I think you are reproducing the problem from https://github.com/dotnet/corefx/issues/14237 in these tests. (Also the reason why I opened this issue)

The values used in SocketOptionName were obviously derived from Windows headers, thus allowing the current Windows SocketPal to simply forward the SocketOptionName value to the underlying API. (But we can expect this to change someday)
However, for non Windows platforms, the SocketOptionName values will always have to be converted into their platform-specific equivalent. This means that any SocketOptionName value that is not specifically supported by the SocketPal will not work.

Calling the native setsockopt API via P/Invoke would still work, however.

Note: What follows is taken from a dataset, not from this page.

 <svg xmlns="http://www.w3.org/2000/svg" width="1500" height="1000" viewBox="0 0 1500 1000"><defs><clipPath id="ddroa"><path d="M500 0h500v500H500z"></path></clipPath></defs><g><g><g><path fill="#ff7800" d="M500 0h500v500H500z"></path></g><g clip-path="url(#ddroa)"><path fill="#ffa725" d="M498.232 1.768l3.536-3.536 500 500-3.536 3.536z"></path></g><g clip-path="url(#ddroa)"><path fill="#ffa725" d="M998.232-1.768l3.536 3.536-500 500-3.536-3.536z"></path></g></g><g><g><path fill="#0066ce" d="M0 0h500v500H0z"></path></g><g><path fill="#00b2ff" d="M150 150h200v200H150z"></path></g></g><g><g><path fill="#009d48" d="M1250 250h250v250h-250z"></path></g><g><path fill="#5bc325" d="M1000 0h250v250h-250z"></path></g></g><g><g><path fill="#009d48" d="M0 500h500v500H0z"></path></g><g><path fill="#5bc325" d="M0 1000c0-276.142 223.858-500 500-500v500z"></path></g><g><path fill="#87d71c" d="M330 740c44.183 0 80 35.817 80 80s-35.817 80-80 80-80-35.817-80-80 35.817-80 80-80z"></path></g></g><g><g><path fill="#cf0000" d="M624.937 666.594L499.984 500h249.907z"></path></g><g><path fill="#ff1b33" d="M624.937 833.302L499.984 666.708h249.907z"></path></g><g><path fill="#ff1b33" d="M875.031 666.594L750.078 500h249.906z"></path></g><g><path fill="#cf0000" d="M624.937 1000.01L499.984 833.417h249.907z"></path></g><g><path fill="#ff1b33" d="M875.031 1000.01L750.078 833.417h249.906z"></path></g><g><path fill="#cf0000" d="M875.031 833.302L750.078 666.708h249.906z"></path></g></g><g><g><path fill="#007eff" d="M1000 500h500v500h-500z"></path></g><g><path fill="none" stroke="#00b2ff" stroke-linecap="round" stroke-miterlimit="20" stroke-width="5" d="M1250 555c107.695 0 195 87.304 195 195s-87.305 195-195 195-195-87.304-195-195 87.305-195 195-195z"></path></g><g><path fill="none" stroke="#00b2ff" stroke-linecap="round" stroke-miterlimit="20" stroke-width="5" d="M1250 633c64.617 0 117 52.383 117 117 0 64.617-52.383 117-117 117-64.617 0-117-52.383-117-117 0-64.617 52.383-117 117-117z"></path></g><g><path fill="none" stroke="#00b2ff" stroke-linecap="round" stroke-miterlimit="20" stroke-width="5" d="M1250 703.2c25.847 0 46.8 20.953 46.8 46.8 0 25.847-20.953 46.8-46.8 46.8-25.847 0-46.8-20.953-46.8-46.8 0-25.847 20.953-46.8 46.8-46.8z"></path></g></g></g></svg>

I found the problem is TryGetPlatformSocketOption which is called passing option level (SocketOptionLevel.Socket in my code but SocketOptionLevel.Tcp in this issue proposal) and name:

extern "C"
Error SystemNative_SetSockOpt(intptr_t socket, int32_t socketOptionLevel, int32_t socketOptionName, uint8_t* optionValue, int32_t optionLen)]
{
    // ...
    int optLevel, optName;
    if (!TryGetPlatformSocketOption(socketOptionLevel, socketOptionName, optLevel, optName))
    {
        return PAL_ENOTSUP;
    }
    // ...
    int err = setsockopt(fd, optLevel, optName, optionValue, static_cast<socklen_t>(optionLen));
    // ...
}

It has misleading parameter names and return false for options not present in the SocketOptionName enum:

static bool TryGetPlatformSocketOption(int32_t socketOptionName, int32_t socketOptionLevel, int& optLevel, int& optName)
{
    // ...
}

This means that the keep-alive:

  • retry count TCP_KEEPCNT (Linux = 0x6, OS X = 0x102) generates a PAL_ENOTSUP error and does not call the setsockopt syscall
  • time TCP_KEEPIDLE (Linux = 0x4) is equal to PAL_SO_REUSEADDR and PAL_SO_IP_TTL therefore generates an error calling the setsockopt syscall
  • time TCP_KEEPALIVE (OS X = 0x10) is equal to PAL_SO_DONTROUTE and PAL_SO_IP_DROP_SOURCE_MEMBERSHIP therefore generates an error calling the setsockopt syscall
  • interval TCP_KEEPINTVL (Linux = 0x5, OS X = 0x101) generates a PAL_ENOTSUP error and does not call the setsockopt syscall

Thanks @GoldenCrystal!

It now works with P/Invoke:

Here is the code:

API discussion with Networking team:

  • We should think how to expose it in HttpClientHandler/SocketsHttpHandler (I think there is already existing related issue)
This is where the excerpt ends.